Dolium croit en un « capitalisme social »
Nous savions déjà, depuis que François Bayrou nous l'a présenté à l'Union régionale d'IDF, que Alain Dolium se définit comme étant « un homme de gauche ». Il nous l'a confirmé hier à Boulogne-Billancourt, lors d'une rencontre qui a rassemblé environ 110 adhérents du MoDem 92.
Cela ne serait pas gênant s'il avait déclaré sur RTL : « y avait une possibilité de voir cette Gauche évoluer vers un espace politique qui soit plus à l'aise avec l'économie, et l'économie, je dirais, avec la liberté d'entreprendre ». La gauche, se revendiquant du socialisme (même si, notamment au PS, ce n'est plus qu'une posture), ne serait donc pas assez... libérale !
Et d'ajouter devant les militants du MoDem 92, qu'il croyait en un « capitalisme social ». C'est fou comme on peut opposer deux mots totalement opposés, en leur faisant ainsi perdre leur sens ! C'est le cas pour cette image de pub : « Full Hybrid ».
Il ne semble pas logique qu'un néo-libéral notoire, qui a exercé de surcroît des métiers comme le middle-management, puis la stratégie marketing actuellement, prétende appartenir à une famille de pensée de gauche.
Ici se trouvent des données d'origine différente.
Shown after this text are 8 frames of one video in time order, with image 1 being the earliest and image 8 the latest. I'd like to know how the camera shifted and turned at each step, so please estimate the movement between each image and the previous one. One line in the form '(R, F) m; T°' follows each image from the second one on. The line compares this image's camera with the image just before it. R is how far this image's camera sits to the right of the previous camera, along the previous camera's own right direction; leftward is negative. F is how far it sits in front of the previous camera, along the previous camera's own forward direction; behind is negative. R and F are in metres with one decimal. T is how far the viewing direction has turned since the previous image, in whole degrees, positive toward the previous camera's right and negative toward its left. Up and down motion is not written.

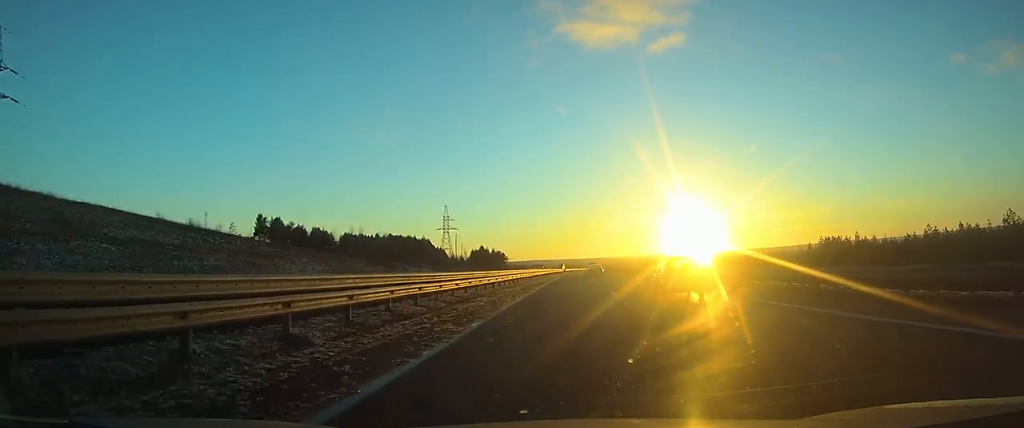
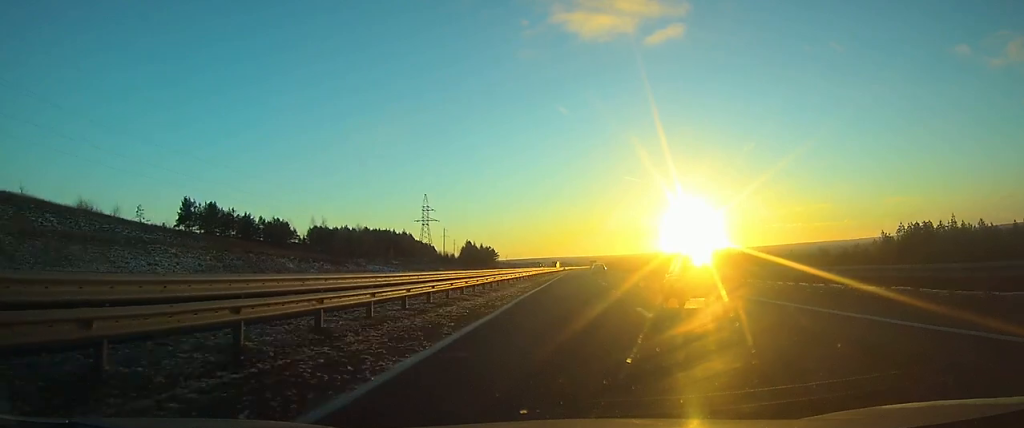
(+0.1, +36.1) m; 0°
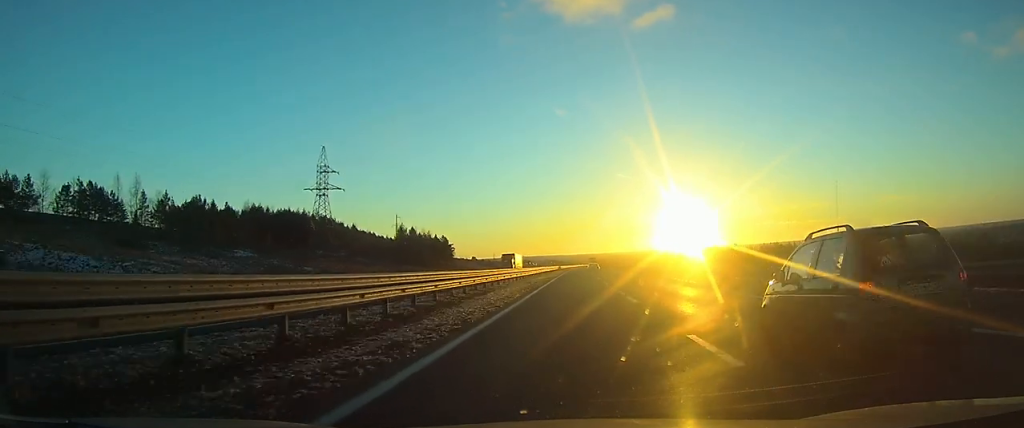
(+0.7, +94.1) m; +1°
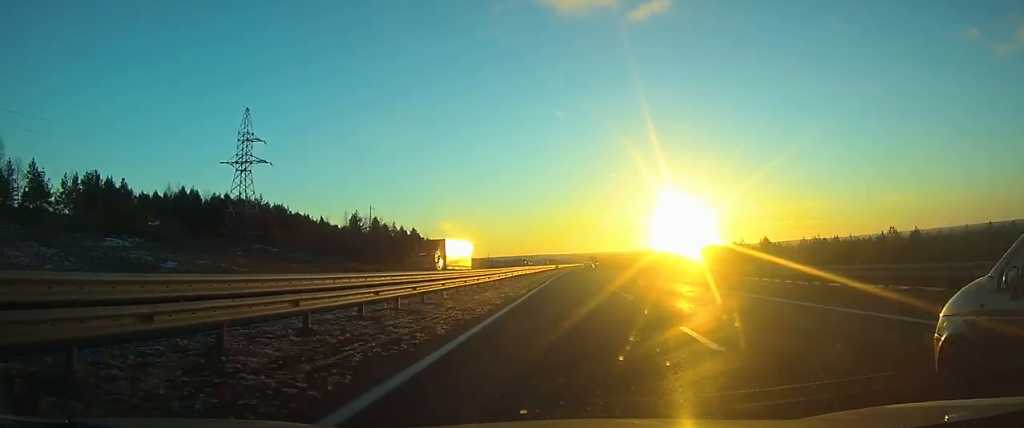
(0.0, +34.9) m; 0°
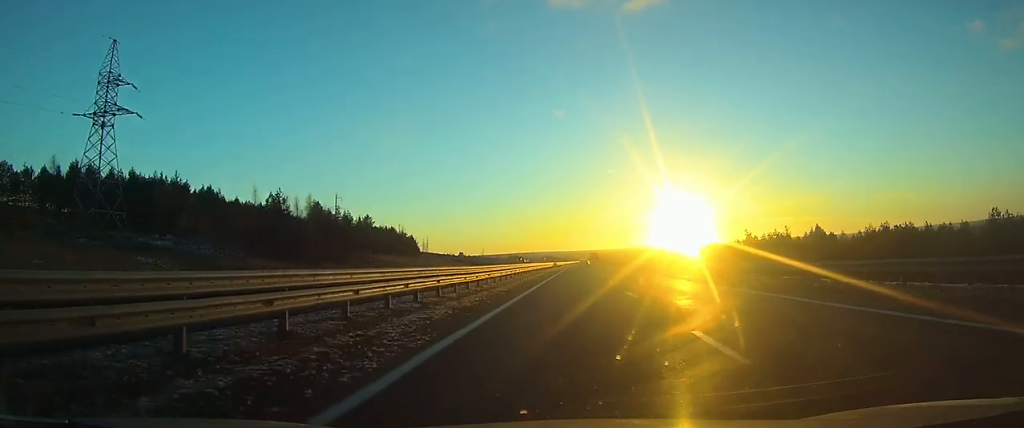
(+0.1, +35.9) m; 0°
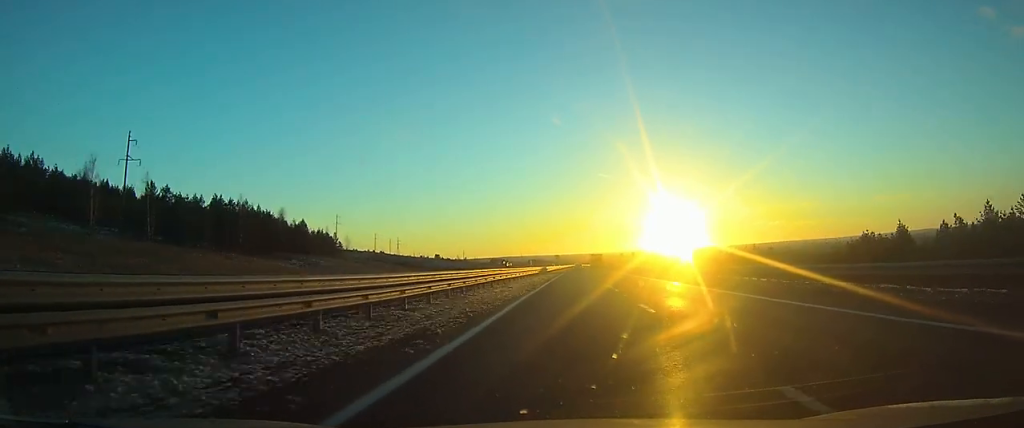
(+1.2, +109.4) m; +1°
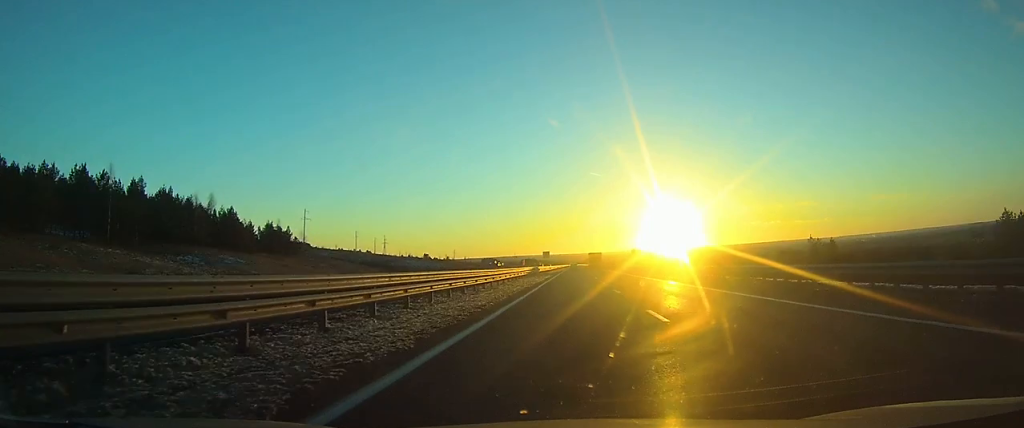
(0.0, +40.2) m; 0°
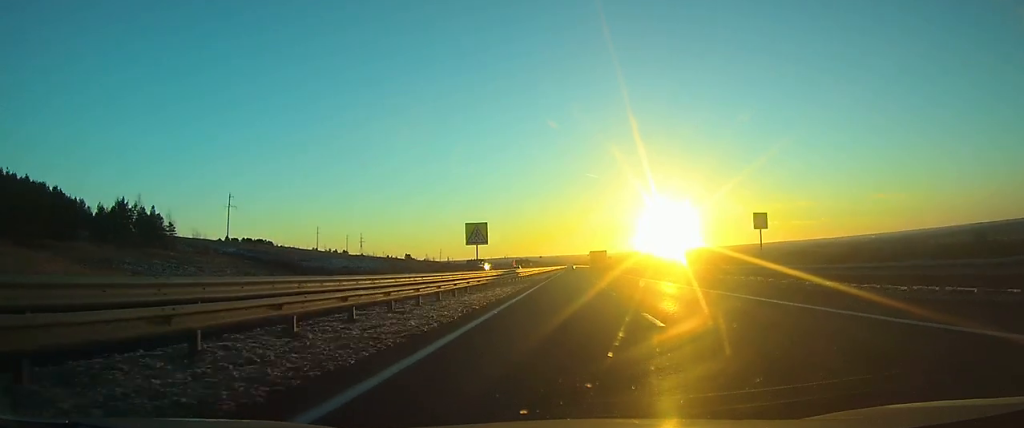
(+0.3, +74.3) m; 0°

N'est-ce qu'une maladresse, ou bien n'est-ce qu'une posture politique, dont le but est d'attirer la sympathie de la partie la plus à gauche de notre électorat ?






Commentaires
Ça serait pas un billet polémique, ça ? ;-)
L'auteur serait-il pour l'interdiction d'entreprendre ?
Pour le développement social, propose-t-il d'interdire d'investir du capital dans une entreprise ?
Attention ... même le NPA n'est plus sur ces positions-là !
@FredericLN
Ce n'est pas ce que je dis. Je dis qu'on ne peut pas se prétendre "homme de gauche" lorsqu'on est libéral.
Et je dis que le terme "capitalisme social" n'a aucun sens. On aurait pu dire également "communisme néo-libéral"...!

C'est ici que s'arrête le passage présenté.